I stopped after an initial exploration. I don’t want to spend my time building Isolate I just want it to exist, and realistically I’m not going to invest in the development effort involved with this approach.
Even I recognized I’d be better off just living with a few images popping and actually spend time art’ing.
Background daemon, communicating over http
Instead of rebuilding the ui, I tried leaving the ui in Javascript and deferring computational work to a daemon process (which could be any language).
In this prototype, the application execs another binary on startup. The ui communicates with the background daemon locally over http, looking much like a typical client/server webapp.
Thoughts:
- Very quick to prototype, and easy to extend info a functional application. Once I was in Go, all the concurrency, thumbnailing and database interaction was a breeze. But here I get to keep the ease of development everywhere else.
- Managing the lifecycle of an extra process was tricky. I had to take care with startup ordering, and handling multiple instances running/daemon terminations. Originally the ui was nonfunctional without the daemon, but I made it optional to make the app more reliable.
- Security: previously user interaction is the only interface, but now an unauthenticated http server is listening to requests locally. I’ve just been careful to limit the interface to the daemon listing files, not taking action.
- Packaging: with osx/app images the package is just a directory and can include more than one binary. On Windows, I’d need the user to move a folder with both binaries. I overvalued the simplicity of install, but eventually decided this is okay.

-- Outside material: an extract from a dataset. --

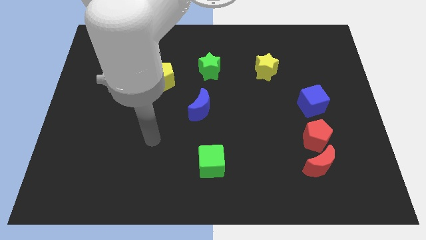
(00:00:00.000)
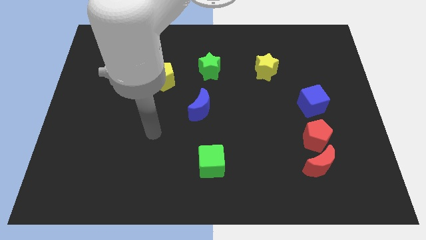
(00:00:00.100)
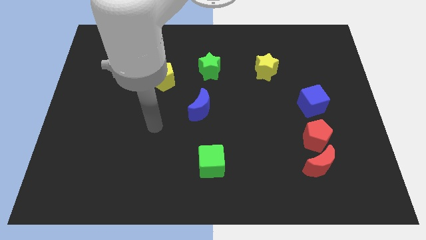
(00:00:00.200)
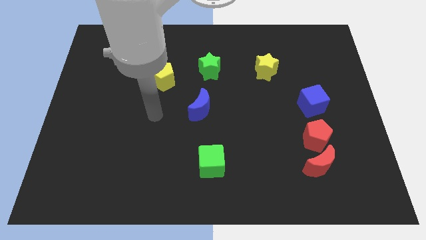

- I tried Go because of ease of cross compilation, ease of concurrency and my experience from work. After forking the daemon I saw roughly 2-4ms of overhead on requests.
Background workers in Electron
It would have been prudent to check Javascript is too slow before assuming it. As I understand it, a common pattern in interpreted languages like Python, Ruby, Javascript (Node), is to load a compiled dynamic library and expose it so it can be called like any other module in the host language. In this way, packages exist for Javascript to interact with sqlite and libvips’s compiled C/C++ code, which turns out to as fast as the compiled daemon.
So I tried:
- Service/web workers, the way of having background threads in webapps. Neither of which have access to Node/Electron’s APIs making reading the original images not possible?
- Node’s cluster module to fork a duplicate of the Electron renderer process, but it crashed on startup because the mismatch between Node and Electron’s flags.
- Node workers, but these are still experimental and not available unless Node is explicitly compiled with them.
- There’s a pattern in Electron to start a second renderer process with a hidden window and use IPC as a way of getting a background process. Doing this worked, but the app was obviously sluggish when thumbnailing.
Thoughts:
- Even if I could get it working, communication with workers was challenging to get right. I’m not sure I understand the lifecycle with service workers.
- I thought packaging would be easier in all JS, but native modules need to be compiled for the version of Node Electron is using. This complicates the dev and production build. I’m using a lot of tools that work like magic (webpack, electron-builder), and I’d like to avoid having to support an abnormal usage like I did with bs-platform.
Back to the daemon
It’s fair to say all these approaches are workable, and perhaps I signed some off too early. Ultimately, I’d really like Isolate to be as low maintenance as possible, and the daemon seemed to suit that well.
I still really like Electron; some tasks a lot faster to do with an interactive gui, and it’s really powerful to quickly build tools for myself. As much vitriol as there is around it, I’d love to hear more/look into about how people construct large apps that run well like VSCode and Discord.